**Your assignment:**
Leaving out every picture, transcribe the lines from the line that contains "Q: x-height? A: Small." to the end of the entries below, both ends included.

**Source material:**
»»

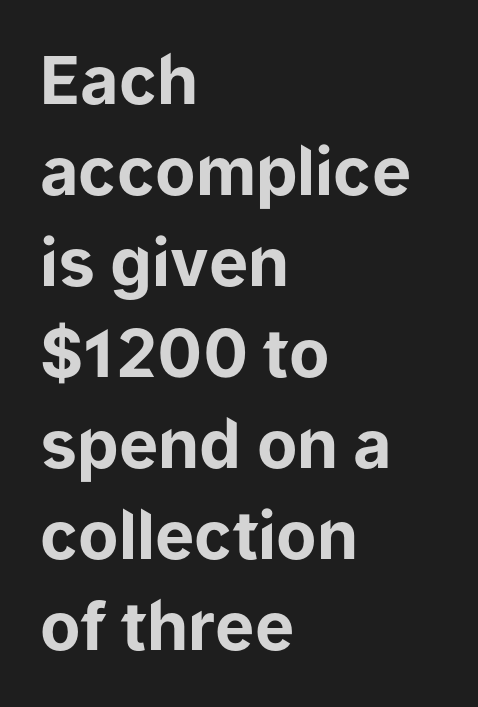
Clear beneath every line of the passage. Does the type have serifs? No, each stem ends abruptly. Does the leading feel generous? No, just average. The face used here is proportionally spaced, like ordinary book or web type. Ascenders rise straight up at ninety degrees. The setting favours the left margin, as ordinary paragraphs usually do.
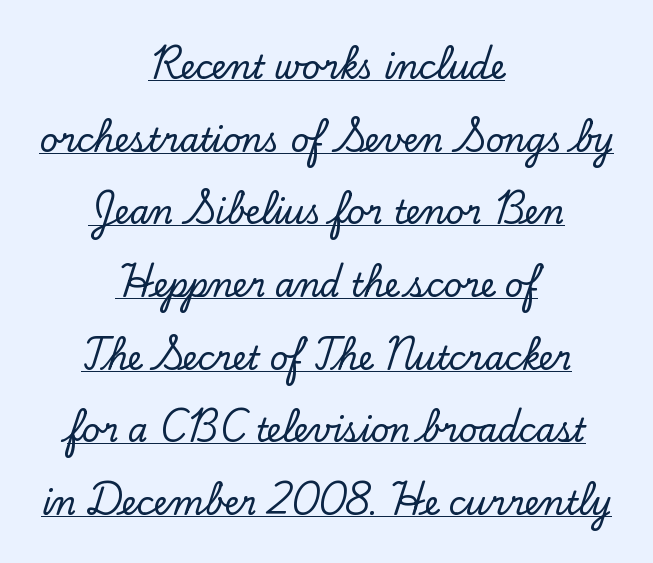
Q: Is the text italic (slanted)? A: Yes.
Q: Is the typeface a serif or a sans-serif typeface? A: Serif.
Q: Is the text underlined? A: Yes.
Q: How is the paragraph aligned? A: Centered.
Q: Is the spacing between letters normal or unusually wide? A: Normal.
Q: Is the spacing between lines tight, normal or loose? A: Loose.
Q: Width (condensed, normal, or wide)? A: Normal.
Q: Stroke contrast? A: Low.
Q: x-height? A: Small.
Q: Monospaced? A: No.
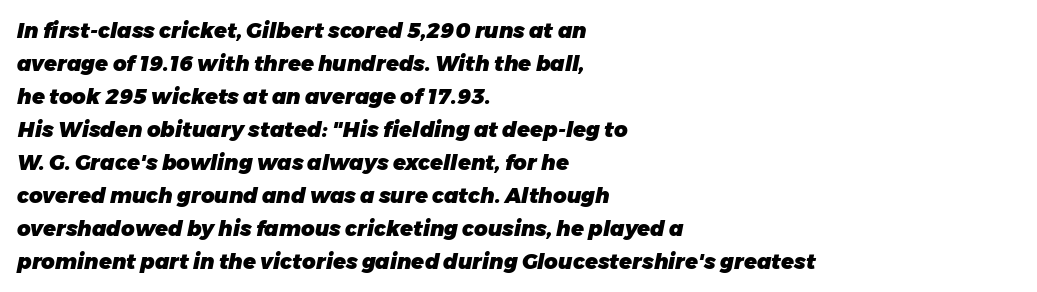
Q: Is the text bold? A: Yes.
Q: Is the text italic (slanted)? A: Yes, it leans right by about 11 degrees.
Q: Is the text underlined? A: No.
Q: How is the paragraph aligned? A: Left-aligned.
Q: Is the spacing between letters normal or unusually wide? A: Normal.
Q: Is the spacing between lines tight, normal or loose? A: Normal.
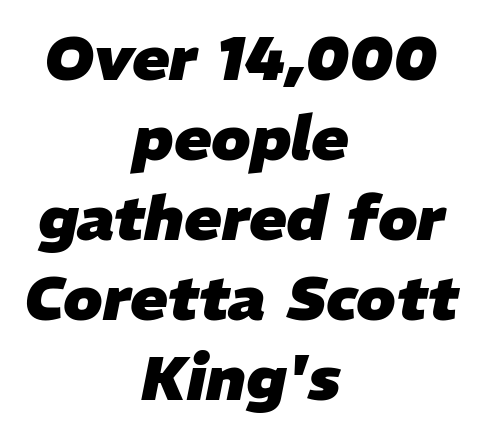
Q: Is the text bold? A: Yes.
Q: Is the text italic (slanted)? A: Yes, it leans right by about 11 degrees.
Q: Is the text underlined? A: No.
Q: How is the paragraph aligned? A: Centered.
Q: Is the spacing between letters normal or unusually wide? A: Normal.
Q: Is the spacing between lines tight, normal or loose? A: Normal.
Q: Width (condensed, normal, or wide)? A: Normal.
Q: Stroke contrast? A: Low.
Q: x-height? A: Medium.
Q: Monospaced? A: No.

««

**Task result:**
Q: x-height? A: Small.
Q: Monospaced? A: No.
Q: Is the text bold? A: Yes.
Q: Is the text italic (slanted)? A: Yes, it leans right by about 11 degrees.
Q: Is the text underlined? A: No.
Q: How is the paragraph aligned? A: Left-aligned.
Q: Is the spacing between letters normal or unusually wide? A: Normal.
Q: Is the spacing between lines tight, normal or loose? A: Normal.
Q: Is the text bold? A: Yes.
Q: Is the text italic (slanted)? A: Yes, it leans right by about 11 degrees.
Q: Is the text underlined? A: No.
Q: How is the paragraph aligned? A: Centered.
Q: Is the spacing between letters normal or unusually wide? A: Normal.
Q: Is the spacing between lines tight, normal or loose? A: Normal.
Q: Width (condensed, normal, or wide)? A: Normal.
Q: Stroke contrast? A: Low.
Q: x-height? A: Medium.
Q: Monospaced? A: No.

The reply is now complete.